After you have read the question and chosen the answer you think is correct, click on the word "select" beside your answer. A response will pop up, telling you whether you were right or wrong and explaining why.

  1. You're doing a paper on death and dying and in the course of your research you have talked to a family friend whose child recently died. You want to include something she said to you, although it is not a quotation. Do you have to reference this, and if so, how would you do it?

    1. Put a parenthetical note (if in APA style, which is suitable for the social sciences) as follows: (J. Doe, personal communication, April 1, 2004), but do not put it into the reference list. [select]

    2. Since no one could check on this, and you are really putting it into your own words, it is not necessary to cite it at all. [select]

    3. It is sufficient to mention in your text that a friend had experienced this situation. [select]



  2. You like the examples or illustrations several authors have used to prove a point and you want to pull them all together and use them in your own paper in a list.

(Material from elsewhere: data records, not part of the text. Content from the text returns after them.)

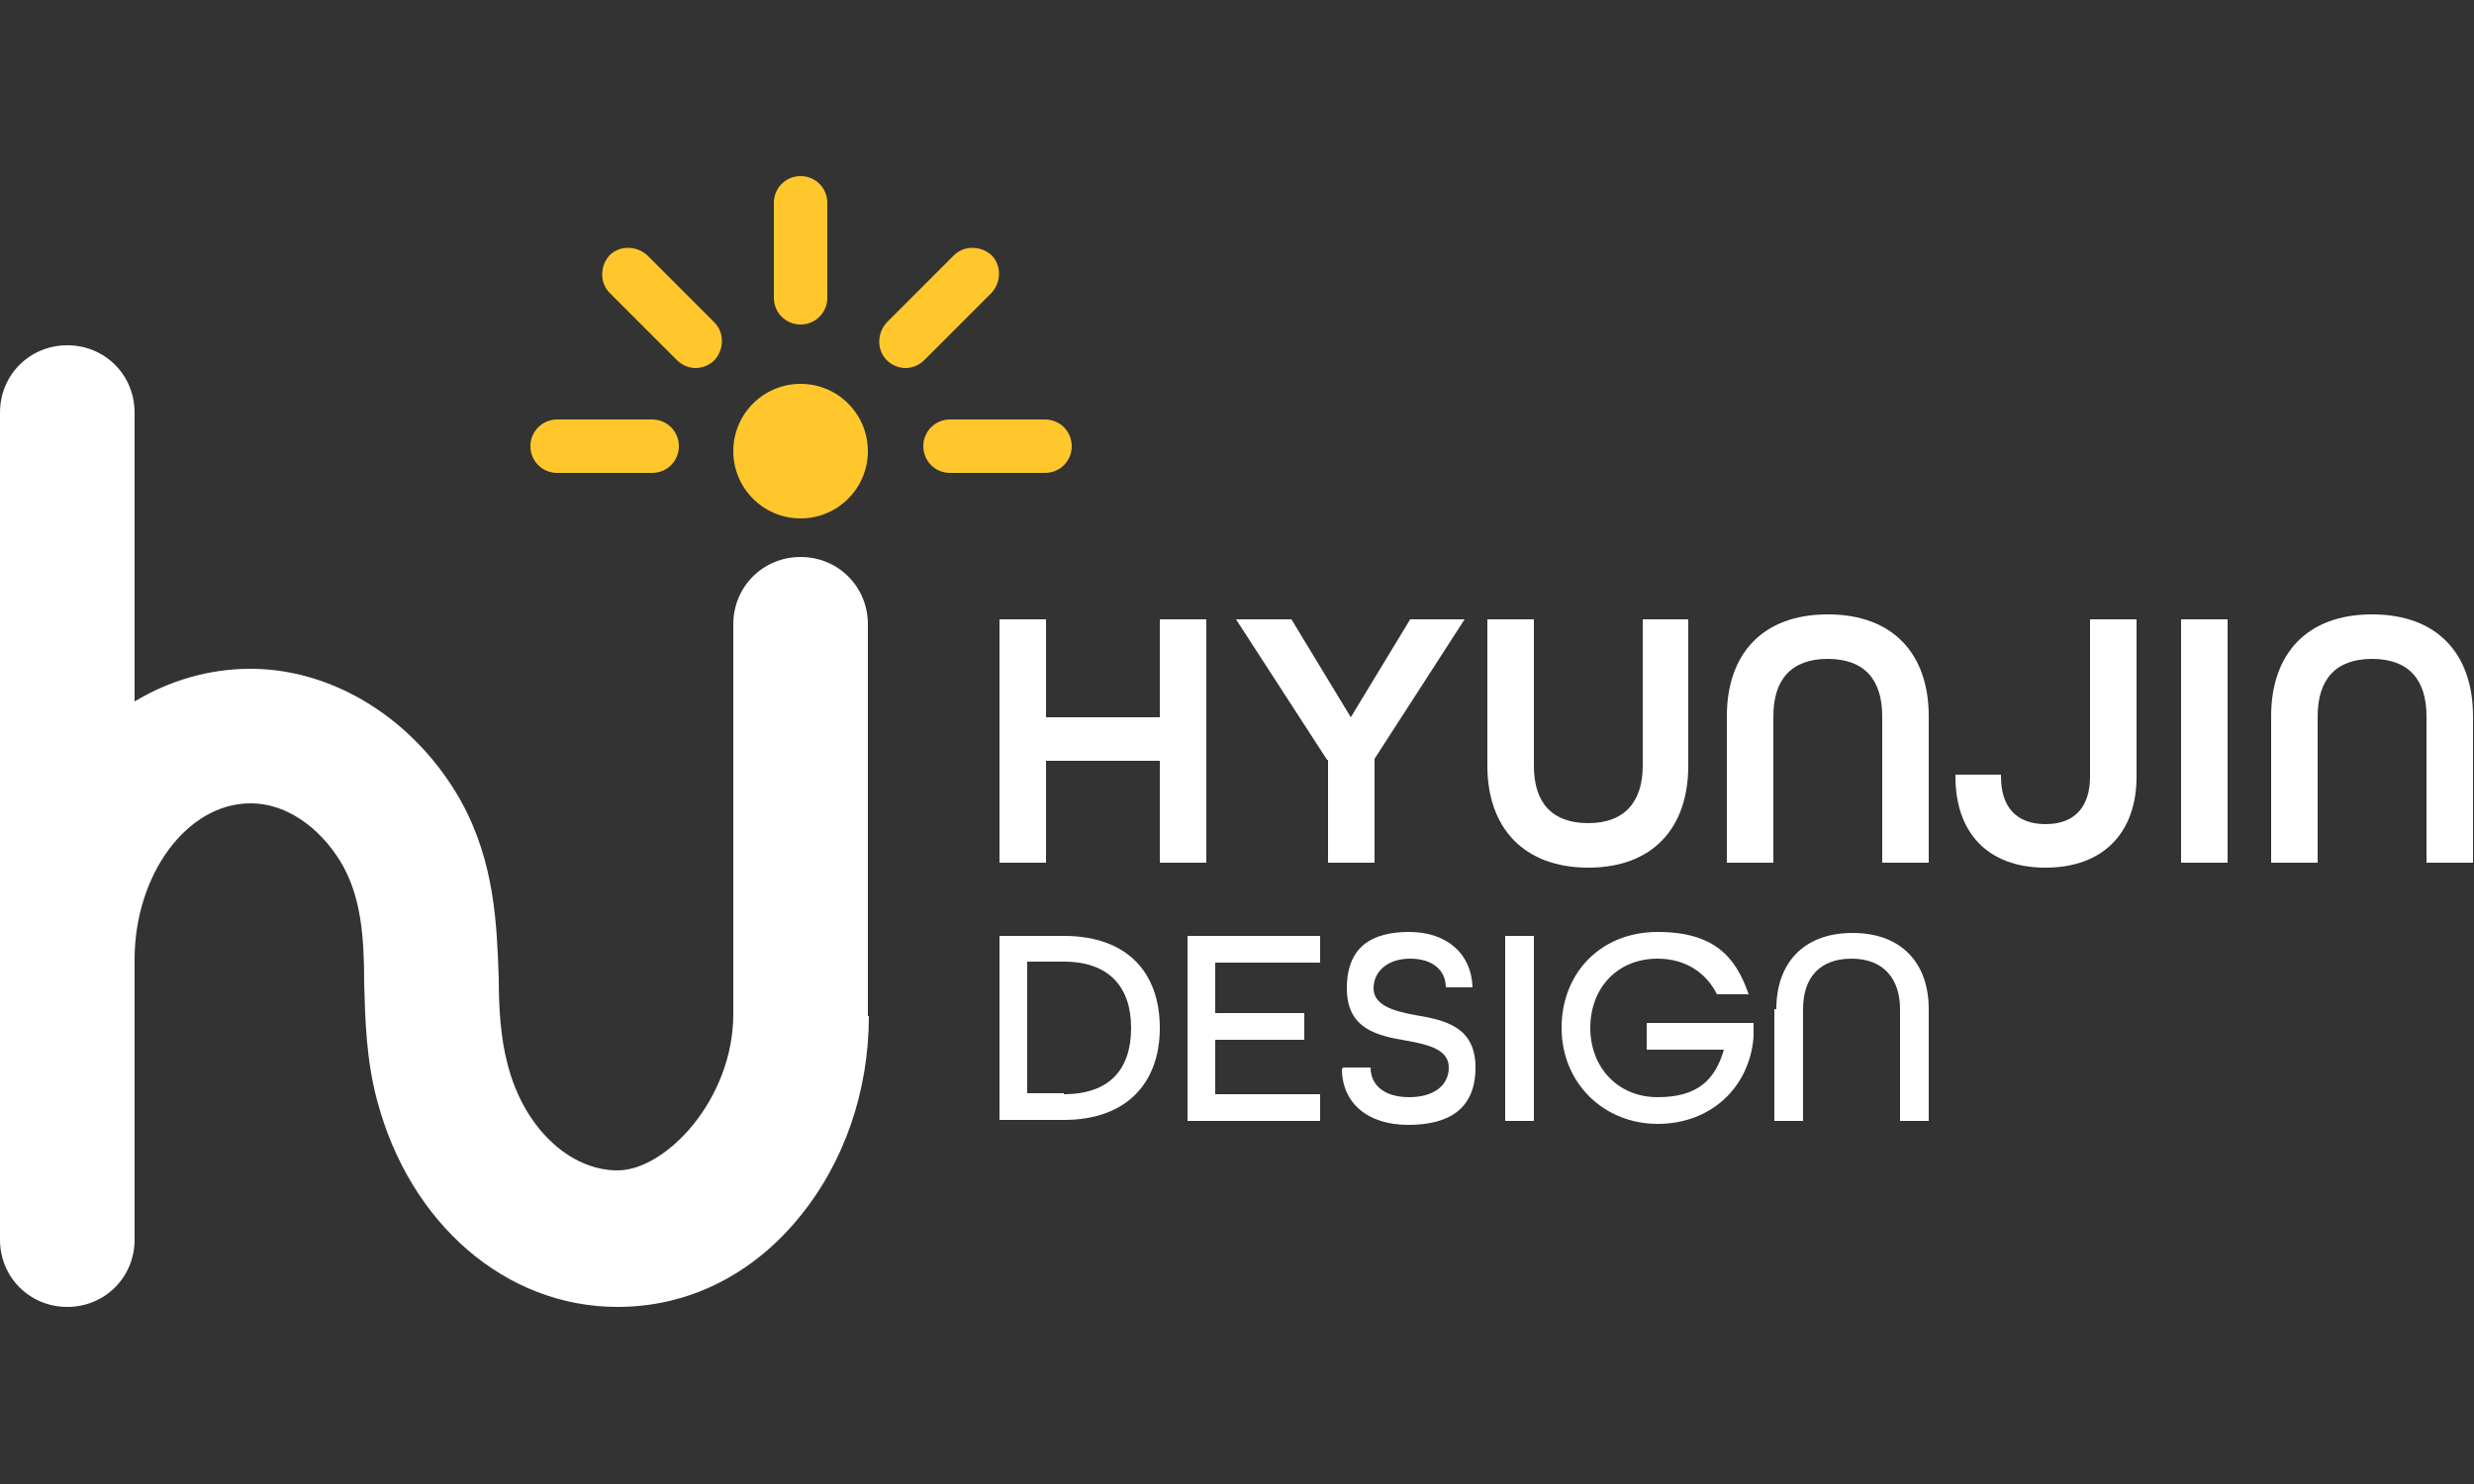 <?xml version="1.0" encoding="UTF-8"?>
<svg id="Layer_1" xmlns="http://www.w3.org/2000/svg" version="1.1" viewBox="0 0 250 150">
  <rect x="0" y="0" width="250" height="150" fill="#333333" stroke="none"/>
  <!-- Generator: Adobe Illustrator 29.8.2, SVG Export Plug-In . SVG Version: 2.1.1 Build 3)  -->
  <defs>
    <style>
      .st0 {
        fill: #ffc72c;
      }

      .st1 {
        fill: #fff;
      }
    </style>
  </defs>
  <g>
    <path class="st1" d="M101,62.6h4.7v9.9h11.5v-9.9h4.7v24.6h-4.7v-10.3h-11.5v10.3h-4.7v-24.6Z"/>
    <path class="st1" d="M134.1,76.8l-9.2-14.2h5.6l6,9.9,6-9.9h5.5l-9.1,14.1v10.5h-4.7v-10.4s-.1,0-.1,0Z"/>
    <path class="st1" d="M150.3,77.4v-14.8h4.7v14.8c0,3.7,1.8,5.8,5.5,5.8s5.5-2.2,5.5-5.8v-14.8h4.6v14.8c0,6.3-3.6,10.3-10.1,10.3s-10.2-4-10.2-10.3Z"/>
    <path class="st1" d="M174.5,72.4c0-6.3,3.6-10.3,10.2-10.3s10.2,4,10.2,10.3v14.8h-4.7v-14.8c0-3.7-1.8-5.8-5.5-5.8s-5.5,2.1-5.5,5.8v14.8h-4.7v-14.8Z"/>
    <path class="st1" d="M197.6,78.5v-.2h4.6v.2c0,3,1.5,4.8,4.5,4.8s4.5-1.8,4.5-4.8v-15.9h4.7v15.9c0,5.6-3.3,9.2-9.2,9.2s-9.1-3.6-9.1-9.2Z"/>
    <path class="st1" d="M220.4,62.6h4.7v24.6h-4.7v-24.6Z"/>
    <path class="st1" d="M229.5,72.4c0-6.3,3.6-10.3,10.2-10.3s10.2,4,10.2,10.3v14.8h-4.7v-14.8c0-3.7-1.8-5.8-5.5-5.8s-5.5,2.1-5.5,5.8v14.8h-4.7v-14.8Z"/>
    <path class="st1" d="M101,94.6h6.5c6.4,0,9.7,3.7,9.7,9.3s-3.4,9.3-9.7,9.3h-6.5v-18.7h0ZM107.5,110.6c4.7,0,6.8-2.6,6.8-6.7s-2.2-6.7-6.8-6.7h-3.7v13.3h3.7Z"/>
    <path class="st1" d="M120,94.6h13.4v2.7h-10.6v5.1h9v2.7h-9v5.5h10.6v2.7h-13.4s0-18.7,0-18.7Z"/>
    <path class="st1" d="M135.7,107.9h2.8c0,1.8,1.4,3,3.9,3s4-1.2,4-3-2-2.3-4.2-2.7c-2.9-.5-6.1-1.1-6.1-5.3s2.5-5.7,6.3-5.7,6.3,2.2,6.4,5.6h-2.7c0-1.7-1.3-2.9-3.6-2.9s-3.7,1.3-3.7,3,2,2.3,4.2,2.7c2.9.5,6.1,1.1,6.1,5.3s-2.7,5.8-6.8,5.8-6.7-2.2-6.7-5.7h.1Z"/>
    <path class="st1" d="M152.1,94.6h2.9v18.7h-2.9v-18.7Z"/>
    <path class="st1" d="M157.8,103.9c0-5.6,4-9.7,9.7-9.7s7.9,2.5,9.2,6.3h-3.2c-1.1-2.2-3.2-3.6-6-3.6-4.1,0-6.8,3-6.8,7s2.8,7,6.8,7,5.8-1.7,6.7-4.8h-7.8v-2.7h10.8v1.4c-.4,5.1-4.3,8.8-9.7,8.8s-9.7-4.1-9.7-9.7h0Z"/>
    <path class="st1" d="M179.5,102c0-4.7,2.8-7.7,7.7-7.7s7.7,3,7.7,7.7v11.3h-2.9v-11.3c0-3.1-1.7-5.1-4.9-5.1s-4.9,1.9-4.9,5.1v11.3h-2.9v-11.3h.2,0Z"/>
  </g>
  <g>
    <path class="st1" d="M87.8,102.7c0,7.6-2.5,14.8-7,20.3-4.8,5.9-11.3,9.1-18.4,9.1-11.3,0-21-8.4-24.3-20.9-1.1-4.1-1.2-8.2-1.3-11.8,0-4.6-.3-8.5-2.1-11.8-1.7-3.1-5.1-6.4-9.4-6.4-6.4,0-11.7,7.2-11.7,15.8v28.3c0,3.8-3,6.8-6.8,6.8s-6.8-3-6.8-6.8V41.7c0-3.8,3-6.8,6.8-6.8s6.8,3,6.8,6.8v29.2c3.5-2.1,7.5-3.3,11.7-3.3,8.5,0,16.7,5.2,21.3,13.4,3.4,6.2,3.6,12.4,3.8,17.9,0,3.1.2,6.1.9,8.7h0c1.6,6.3,6.2,10.7,11.1,10.7s11.7-7.2,11.7-15.8v-39.4c0-3.8,3-6.8,6.8-6.8s6.8,3,6.8,6.8v39.6h0Z"/>
    <g>
      <path class="st0" d="M80.9,32.8c-1.5,0-2.7-1.2-2.7-2.7v-9.6c0-1.5,1.2-2.7,2.7-2.7s2.7,1.2,2.7,2.7v9.6c0,1.5-1.2,2.7-2.7,2.7Z"/>
      <path class="st0" d="M70.3,37.2c-.7,0-1.4-.3-1.9-.8l-6.8-6.8c-1-1-1-2.7,0-3.8,1-1,2.7-1,3.8,0l6.8,6.8c1,1,1,2.7,0,3.8-.5.5-1.2.8-1.9.8Z"/>
      <path class="st0" d="M65.9,47.8h-9.6c-1.5,0-2.7-1.2-2.7-2.7s1.2-2.7,2.7-2.7h9.6c1.5,0,2.7,1.2,2.7,2.7s-1.2,2.7-2.7,2.7Z"/>
      <path class="st0" d="M105.6,47.8h-9.6c-1.5,0-2.7-1.2-2.7-2.7s1.2-2.7,2.7-2.7h9.6c1.5,0,2.7,1.2,2.7,2.7s-1.2,2.7-2.7,2.7Z"/>
      <path class="st0" d="M91.5,37.2c-.7,0-1.4-.3-1.9-.8-1-1-1-2.7,0-3.8l6.8-6.8c1-1,2.7-1,3.8,0,1,1,1,2.7,0,3.8l-6.8,6.8c-.5.5-1.2.8-1.9.8Z"/>
      <circle class="st0" cx="80.9" cy="45.6" r="6.8"/>
    </g>
  </g>
</svg>

What ought you to do?

    1. Examples used to prove a point are managed a little differently than opinions, ideas, or facts. These are treated the same way we would treat common knowledge, and not referenced.  [select]

    2. Include a citation after each separate example to indicate where you found them. [select]

    3. Include them in one parenthetical citation or endnote after you have finished listing them. [select]



  3. You’ve found an article on the Web in a foreign language, and you’ve either translated some passages from it yourself or used an on-line language translator such as Babelfish to translate it into English. By the time you whip it into good academic English no one would be able to trace it. What do you do?

    1. It’s the same as any other article and you have to cite it. [select]

    2. No one would ever be able to find out where you found your ideas. Forget about citing it. [select]



  4. Last week your professor talked about her theory of the best method for electoral reform in a lecture. Since she knows all about it, do you need to reference this?

    1. Since you are writing the paper for your professor, it is understood that all that has been said in the lectures are part of the common knowledge of the course. [select]

    2. You need to cite it in the body of your paper but not in the reference list. [select]

    3. You need to cite it in the body of your paper and in the reference list. [select]


  5. You had a brilliant brainwave about the short story you are writing an essay about. But when reading an article about the short story, you see that the same idea is mentioned. It was your own idea too, so do you need to reference it?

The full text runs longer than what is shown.